Publication year - 2018
Publication title -
journal of geophysical research: earth surface
Language(s) - English
Resource type - Journals
eISSN - 2169-9011
pISSN - 2169-9003
DOI - 10.1029/2018jf004640
Subject(s) - sampling (signal processing) , computer science , sample size determination , categorical variable , machine learning , sample (material) , hyperparameter , covariate , artificial intelligence , statistics , sampling bias , data mining , mathematics , chemistry , filter (signal processing) , chromatography , computer vision
Advances in data acquisition and statistical methodology have led to growing use of machine‐learning methods to predict geomorphic disturbance events.
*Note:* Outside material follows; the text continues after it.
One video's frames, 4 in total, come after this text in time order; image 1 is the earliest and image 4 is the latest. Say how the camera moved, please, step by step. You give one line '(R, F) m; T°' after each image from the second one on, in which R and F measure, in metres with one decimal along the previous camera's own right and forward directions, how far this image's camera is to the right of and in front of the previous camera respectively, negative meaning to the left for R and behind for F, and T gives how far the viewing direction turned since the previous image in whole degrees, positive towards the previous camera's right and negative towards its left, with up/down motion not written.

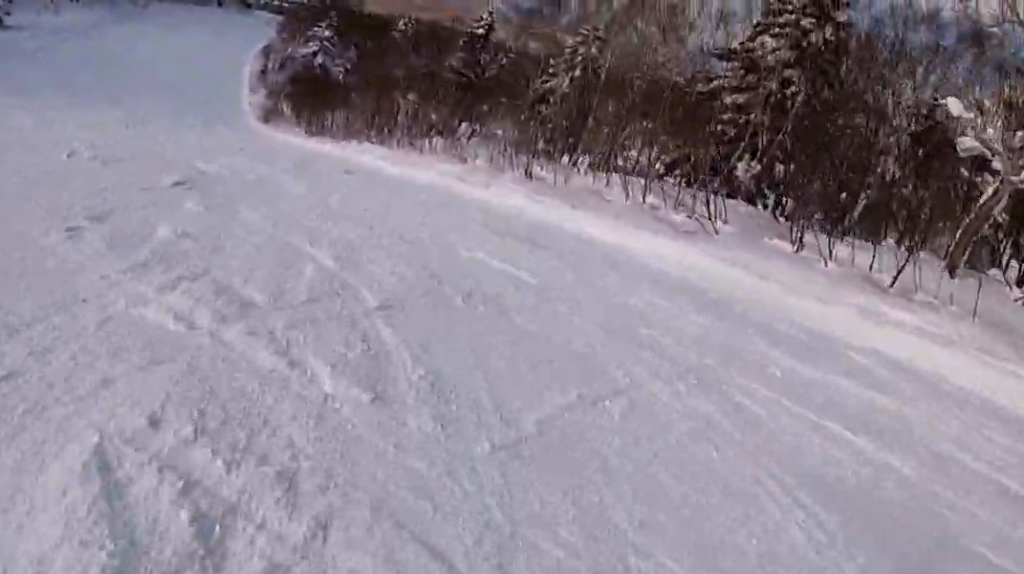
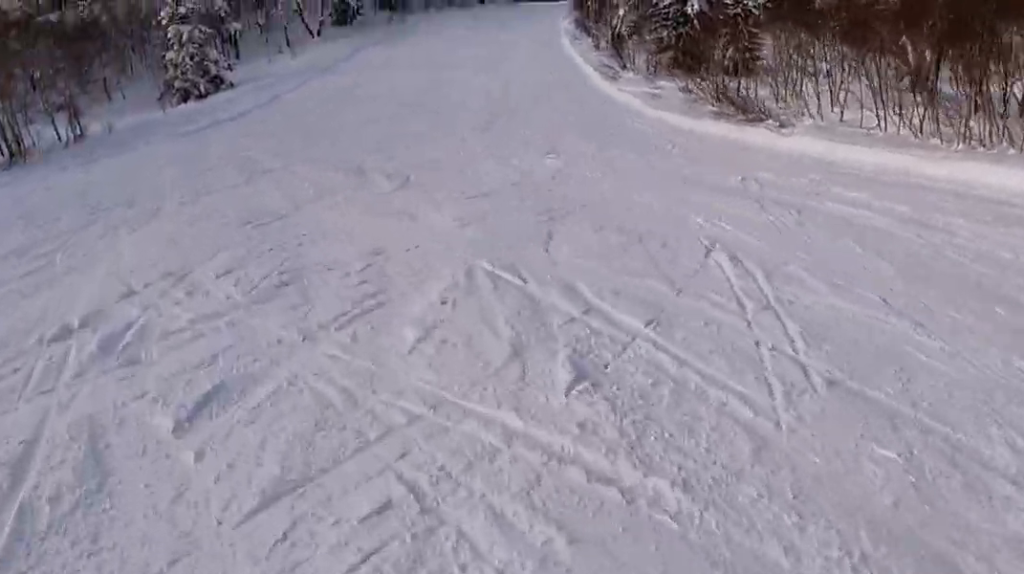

However, capturing the data required to parameterize these models is challenging because of expense or, more fundamentally, because the phenomenon of interest occurs infrequently. Thus, it is important to understand how the nature of the data used to train predictive models influences their performance. Using a database of cliff failure prediction and associated covariates from Auckland, New Zealand, we assess the performance of seven machine‐learning algorithms under different sampling strategies. Three sampling components are investigated: (i) the number of data points used in model training (sample size), (ii) the prevalence of occurrences (presences) in the data, and (iii) random versus spatial sampling strategy. Across the seven algorithms, small sample sizes can produce models that perform relatively well, especially if the prime concern is identifying key predictors rather than quantifying risk or predicting categorical outcome. Our analyses show that for the same effort (i.e., number of samples), sampling around multiple locations provides better predictions than sampling at just one or a few locations. Predictive performance may be further improved by considering issues such as the nature of what absences actually represent and paying careful attention to decisions about hyperparameter tuning, training‐testing data splits, and threshold optimization. It is well known that big data can inform complex data‐driven modeling, but here we show that careful sampling can facilitate informative event prediction even from small data.